Though a 1% increase doesn’t seem like much on paper, in real estate, it represents 10% of a buyer’s purchasing power. For sellers, that means buyers can afford less. As a result, buyers can’t pay top price for a home. Some homeowners might react to the changing market and price their homes a little lower than market value to attract a buyer’s attention. In combination, home values begin to drop again, and the cycle continues.
How Much Can You Afford in Montgomery County?
Let’s take a look at an example: A buyer was approved for a $600,000 home (assuming they put down a 20% down payment). With each 0.125 percentage increase in interest rates, that same home buyer’s purchasing power drops $8,100. By next year, the same buyer will only be able to afford homes priced around $551,400 (if rates rise as expected).
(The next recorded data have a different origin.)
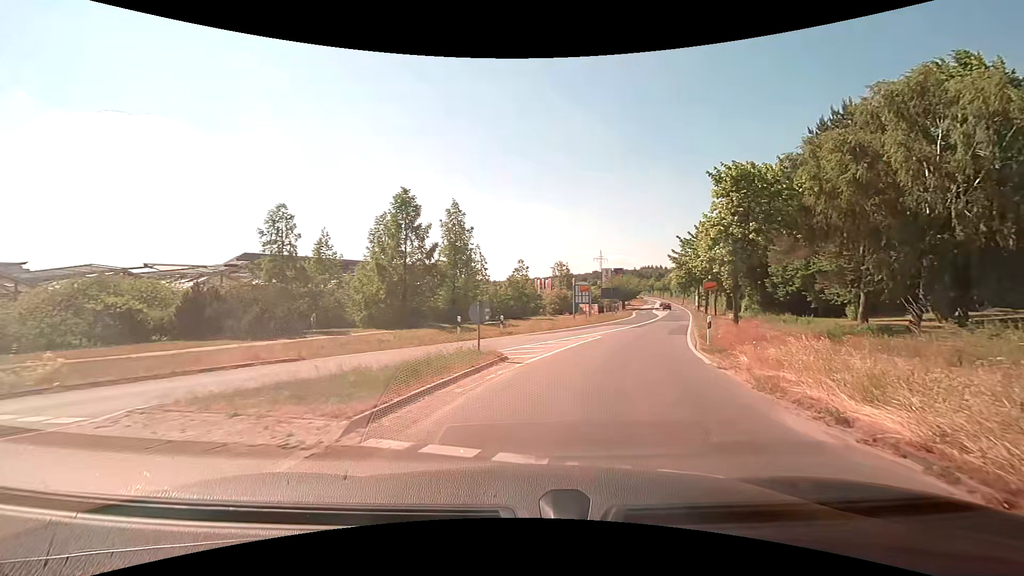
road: tertiary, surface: asphalt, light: Day
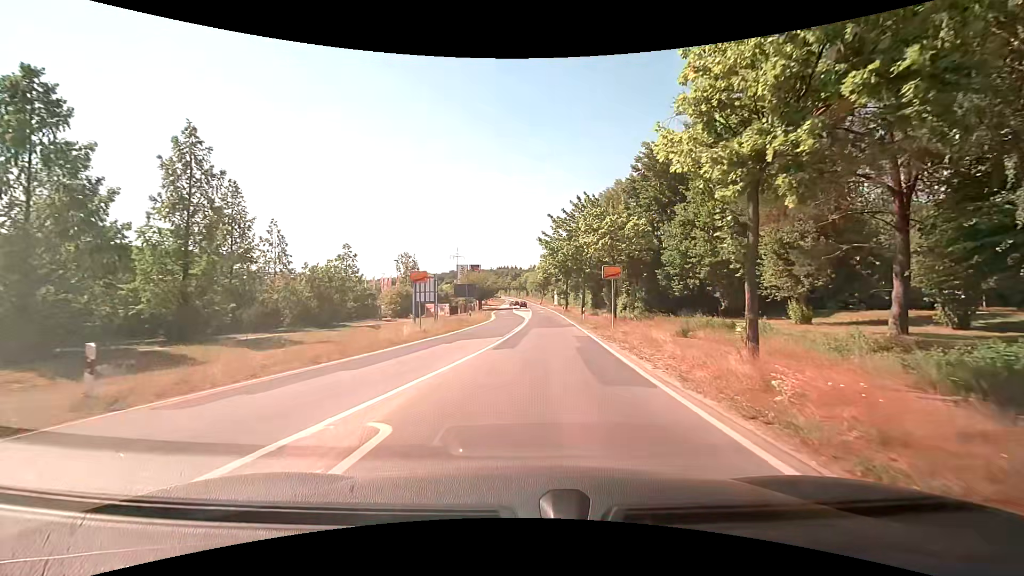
(+2.6, +17.1) m; +16°
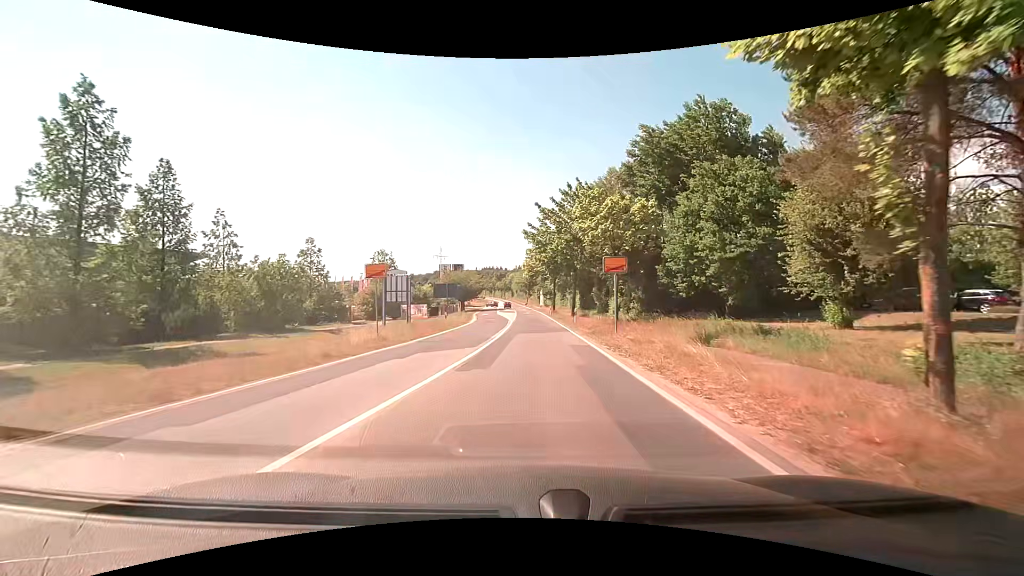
(+0.1, +5.1) m; +2°
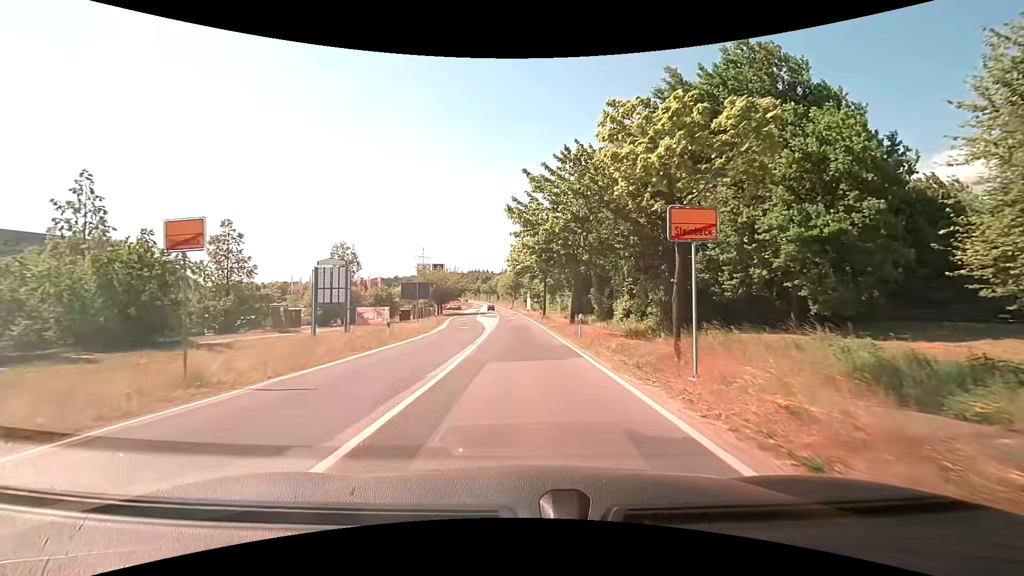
(+0.2, +11.4) m; +1°
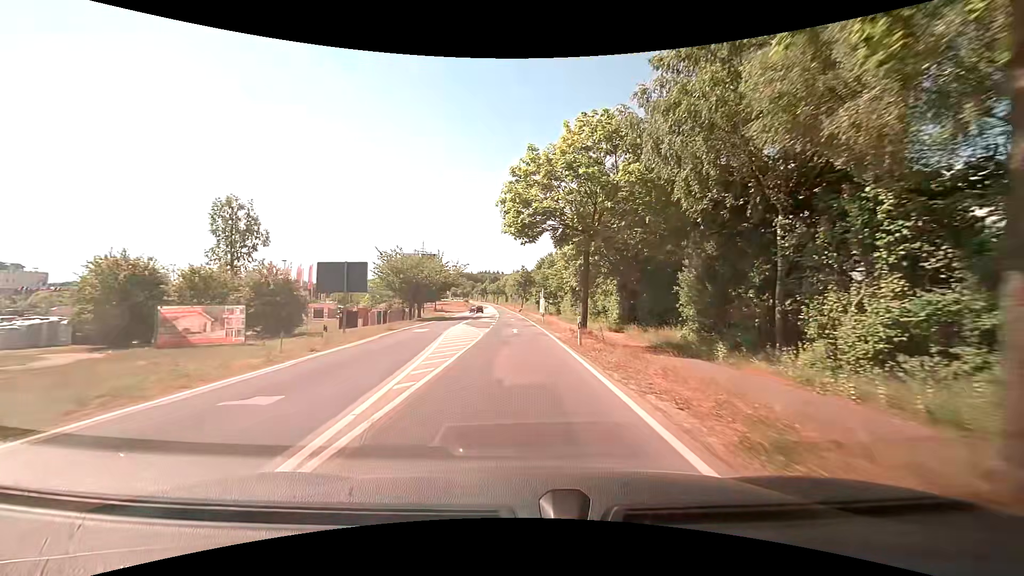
(0.0, +28.6) m; -1°
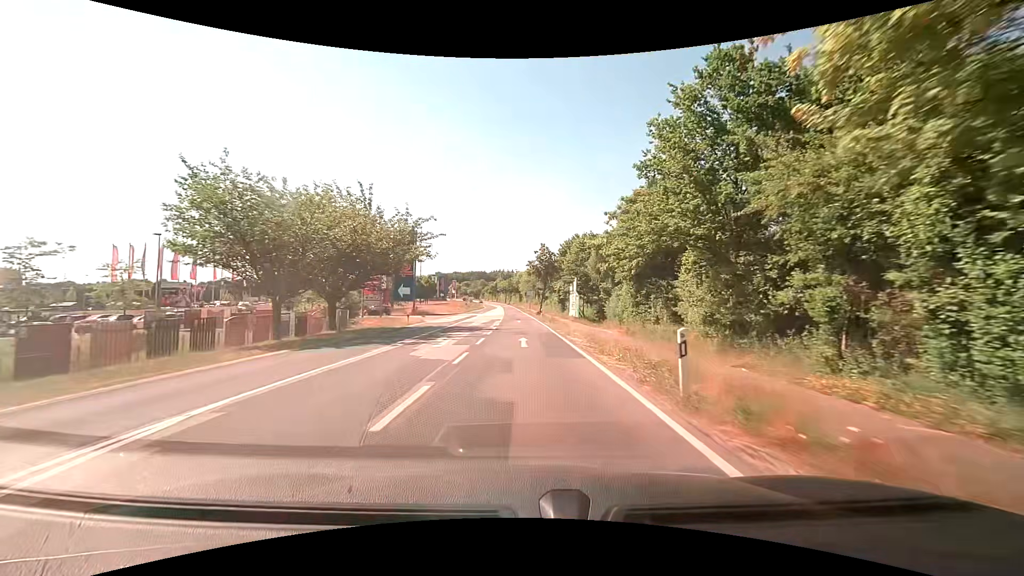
(-0.7, +35.6) m; -2°
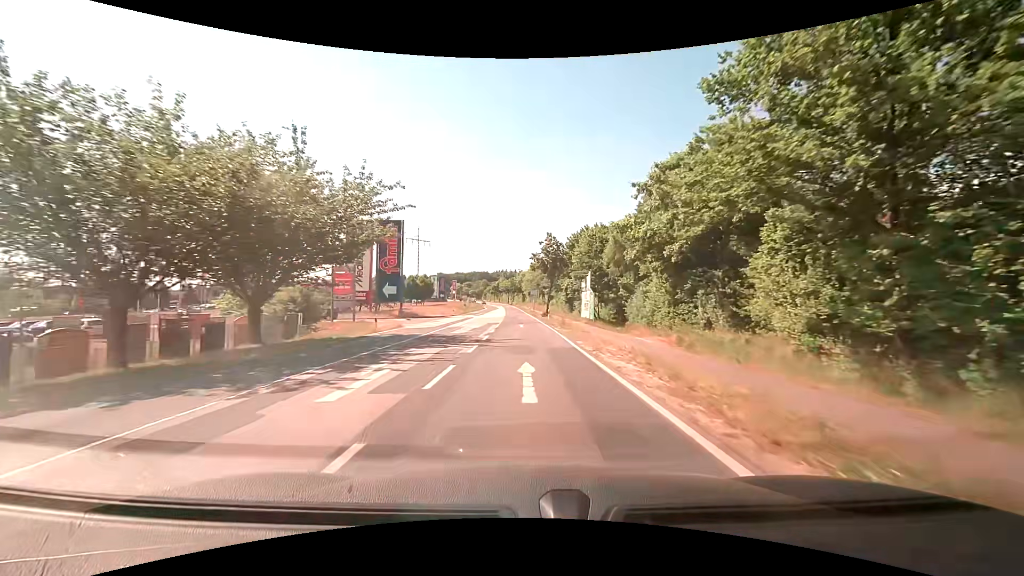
(0.0, +9.8) m; -1°
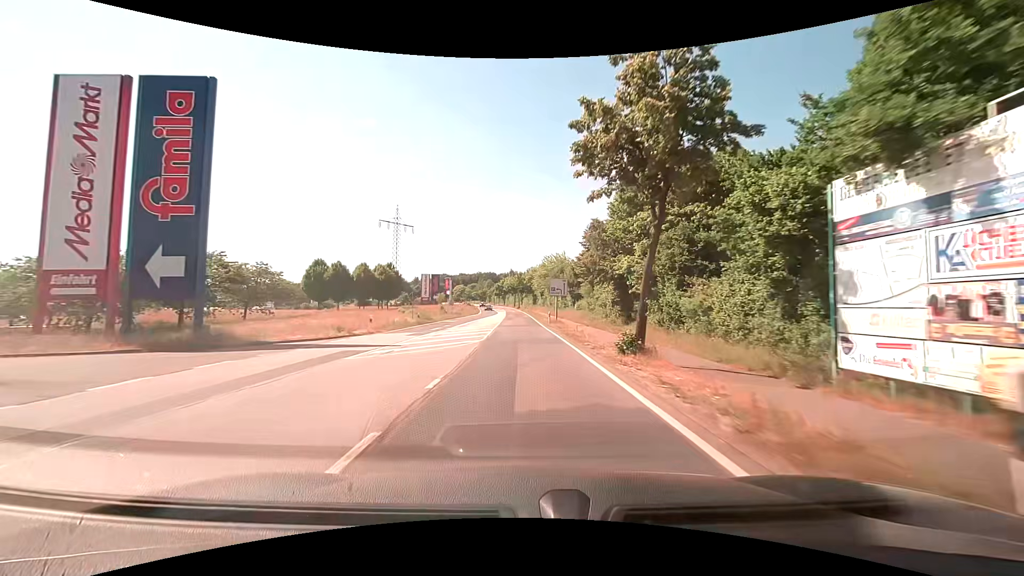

For buyers, this means you can only afford lower priced homes (as interest rates climb). For sellers, this means buyers no longer possess the ability to purchase higher priced properties. In total, rising mortgage rates and rising home prices are harming today’s affordability.
How to Offset Rising Interest Rates
For buyers, consider saving up more money and placing a higher down payment on the house you want. A bigger down payment means you will have paid more into the house (increasing your equity) and will help reduce your interest rate on the mortgage loan. If you find yourself approved for a lower mortgage, you can choose to wait out the market (though rates aren’t expected to fall for a long time) or you can lower your sight — i.e. to lower priced homes.
Should I Buy or Sell Now?
Both buyers and sellers should jump onto the market today. With low interest rates, now is still a good time for buyers to be looking for their next dream house. For sellers, it’s the perfect time to sell for a good value and still attract buyer attention. If you’d like to learn more about the current state of the market, schedule a consultation with us and we can help map out a timeline for you to either buy or sell your house.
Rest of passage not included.